Voxel-level comparison of arterial spin-labeled perfusion MRI and FDG-PET in Alzheimer disease

Affiliations
Comparative Study

Voxel-level comparison of arterial spin-labeled perfusion MRI and FDG-PET in Alzheimer disease

Y Chen et al. Neurology. .

Abstract

Objective: We compared the ability of arterial spin labeling (ASL), an MRI method that measures cerebral blood flow (CBF), to that of FDG-PET in distinguishing patients with Alzheimer disease (AD) from healthy, age-matched controls.
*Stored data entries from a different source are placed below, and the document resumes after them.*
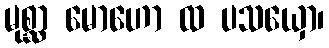
မုစ္ဆာ မောဟော ထ ပသယှော၊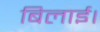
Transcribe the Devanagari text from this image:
बिलाई।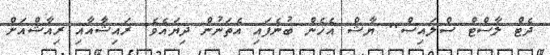
ދެޓް ލާސްޓް ސްލައިސް.. ޔާޝް އެހެން ބުނެފައި އެތަނުން ދިޔައެވެ. ރައިޝާއާއި ރިއާޝްއަށް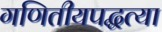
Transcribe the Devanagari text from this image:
गणितीयपद्धत्या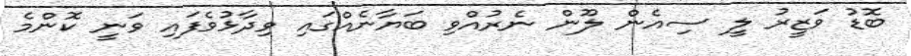
ބޮޑު ވަޒީރު ލީ ސިއެން ލޫން ނެރުއްވި ބަޔާނެއްގައި ވިދާޅުވެފައި ވަނީ ކޮންމެ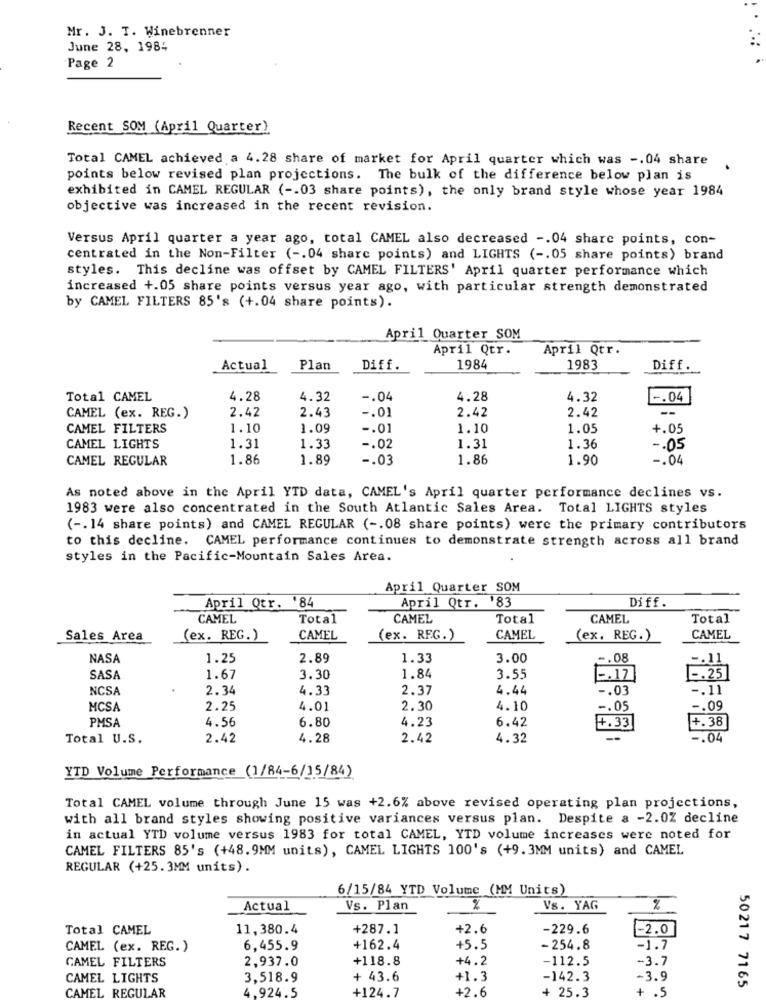
Mr. 3. T. Winebrenner
June 28, 1984
Page 2
Recent SOM (April Quarter)
Total CAMEL achieved a 4.28 share of market for April quarter which was -. 04 share
points below revised plan projections. The bulk of the difference below plan is
exhibited in CAMEL REGULAR ( -- 03 share points), the only brand style whose year 1984
objective was increased in the recent revision.
Versus April quarter a year ago, total CAMEL also decreased -. 04 share points, con-
centrated in the Non-Filter ( -. 04 share points) and LIGHTS ( -. 05 share points) brand
styles. This decline was offset by CAMEL FILTERS' April quarter performance which
increased +.05 share points versus year ago, with particular strength demonstrated
by CAMEL FILTERS 85's (+.04 share points).
April Quarter SOM
April Qtr.
April Qtr.
Actual
Plan
Diff.
1984
1983
Diff ..
Total CAMEL
4.28
4.32
-. 04
4.28
4.32
- . 04
2.42
2.43
-. 01
2.42
--
CAMEL (ex. REG.)
2.42
CAMEL FILTERS
1.10
1.09
-. 01
1.10
1.05
+.05
CAMEL LIGHTS
1.31
1.33
-. 02
1.31
1.36
-. 05
CAMEL REGULAR
1.86
1.89
-. 03
1.86
1.90
-. 04
As noted above in the April YTD data, CAMEL's April quarter performance declines vs.
1983 were also concentrated in the South Atlantic Sales Area. Total LIGHTS styles
( -. 14 share points) and CAMEL REGULAR ( -. 08 share points) were the primary contributors
to this decline. CAMEL performance continues to demonstrate strength across all brand
styles in the Pacific-Mountain Sales Area.
April Quarter SOM
April Qtr. '84
April Qtr. '83
Diff.
CAMEL
Total
CAMEL
Total
CAMEL
Total
Sales Area
(ex. REG.)
CAMEL
(ex. REG.)
CAMEL
(ex. REG.)
CAMEL
NASA
1.25
2.89
1.33
3.00
. 08
11
SASA
1.67
3.30
1.84
3.55
-. 17
-. 25
NCSA
2.34
4.33
2.37
4.44
-. 03
-. 11
MCSA
2.25
4.01
2.30
4.10
-. 05
-. 09
4.56
4.23
6.42
+.33
PMSA
6.80
+.38
Total U.S.
2.42
4.28
2.42
4.32
-. 04
YTD Volume Performance (1/84-6/15/84)
Total CAMEL volume through June 15 was +2.6% above revised operating plan projections,
with all brand styles showing positive variances versus plan. Despite a -2.0Z decline
in actual YTD volume versus 1983 for total CAMEL, YTD volume increases were noted for
CAMEL FILTERS 85's (+48.9MM units), CAMEL LIGHTS 100's (+9.3MM units) and CAMEL
REGULAR (+25. 3MM units).
6/15/84 YTD Volume (MM Units)
Actual
Vs. Plan
%
Vs. YAG
%
Total CAMEL
11,380.4
+287.1
+2.6
-229.6
-2.0
CAMEL (ex. REG.)
6,455.9
+162.4
+5.5
-254.8
-1.7
CAMEL FILTERS
2,937.0
+118.8
+4.2
-112.5
-3.7
CAMEL LIGHTS
3,518.9
+ 43.6
+1.3
-142.3
-3.9
4.924.5
+124.7
+2.6
+ 25.3
+ .5
50217 7165
CAMEL REGULAR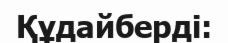
Құдайберді: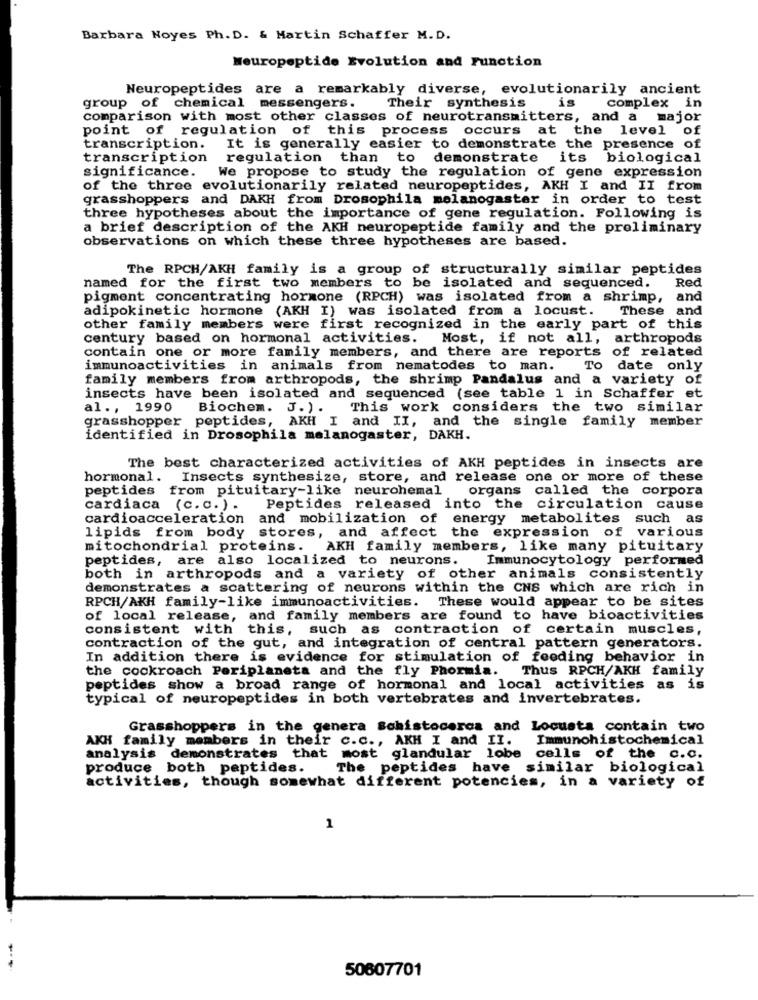
Barbara Noyes Ph. D. & Martin Schaffer M.D.
Neuropeptide Evolution and Function
Neuropeptides are a remarkably diverse, evolutionarily ancient
Their synthesis
group of chemical messengers.
is
complex in
comparison with most other classes of neurotransmitters, and a major
point of regulation of this process occurs at the level
of
of
transcription.
It is generally easier to demonstrate the presence
transcription
regulation than to demonstrate its biological
significance.
We propose to study the regulation of gene expression
of the three evolutionarily related neuropeptides, AKH I and II from
grasshoppers and DAKH from Drosophila melanogaster in order to test
three hypotheses about the importance of gene regulation. Following is
a brief description of the AKH neuropeptide family and the preliminary
observations on which these three hypotheses are based.
The RPCH/AKH family is a group of structurally similar peptides
named for the first two members to be isolated and sequenced.
Red
pigment concentrating hormone (RPCH) was isolated from a shrimp, and
adipokinetic hormone (AKH I) was isolated from a locust. These and
other family members were first recognized in the early part of this
century based on hormonal activities. Most, if not all, arthropods
contain one or more family members, and there are reports of related
immunoactivities in animals from nematodes to man.
To date only
family members from arthropods, the shrimp Pandalus and a variety of
insects have been isolated and sequenced (see table 1 in Schaffer et
al ., 1990 Biochem. J. ). This work considers the two similar
grasshopper peptides, AKH I and II, and the single family member
identified in Drosophila melanogaster, DAKH.
The best characterized activities of AKH peptides in insects are
hormonal. Insects synthesize, store, and release one or more of these
peptides from pituitary-like neurohemal
organs called the corpora
cardiaca (c.c.) .
Peptides released into the circulation cause
cardioacceleration and mobilization of energy metabolites such as
lipids from body stores, and affect the expression of various
mitochondrial proteins. AKH family members, like many pituitary
peptides, are also localized to neurons. Immunocytology performed
both in arthropods and a variety of other animals consistently
demonstrates a scattering of neurons within the CNS which are rich in
RPCH/AKH family-like immunoactivities. These would appear to be sites
of local release, and family members are found to have bioactivities
consistent with
this, such as contraction of certain muscles,
contraction of the gut, and integration of central pattern generators.
In addition there is evidence for stimulation of feeding behavior in
the cockroach Periplaneta and the fly Phormia.
Thus RPCH/AKH family
peptides show a broad range of hormonal and local activities as is
typical of neuropeptides in both vertebrates and invertebrates.
Grasshoppers in the genera Schistocerca and Locusta contain two
AKH family members in their c.c ., AKH I and II.
Immunohistochemical
analysis demonstrates that most glandular lobe
cells of the c.c.
produce both peptides.
The peptides have similar biological
activities, though somewhat different potencies, in a variety of
1
50607701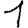
Digit: 1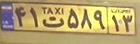
۴۱ت۵۸۹۱۳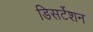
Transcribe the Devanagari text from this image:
डिसर्टेशन

Methods: Fifteen patients with AD (mean age 72 ± 6 years, Mini-Mental State Examination score [MMSE] 20 ± 6) and 19 age-matched controls (mean age 68 ± 6 years, MMSE 29 ± 1) underwent structural MRI. Participants were injected with 5 mCi of FDG during pseudocontinuous ASL scan, which was followed by PET scanning. Statistical parametric mapping and regions of interest (ROI) analysis were used to compare the ability of the 2 modalities in distinguishing patients from controls. Similarity between the 2 modalities was further assessed with linear correlation maps of CBF and metabolism to neuropsychological test scores.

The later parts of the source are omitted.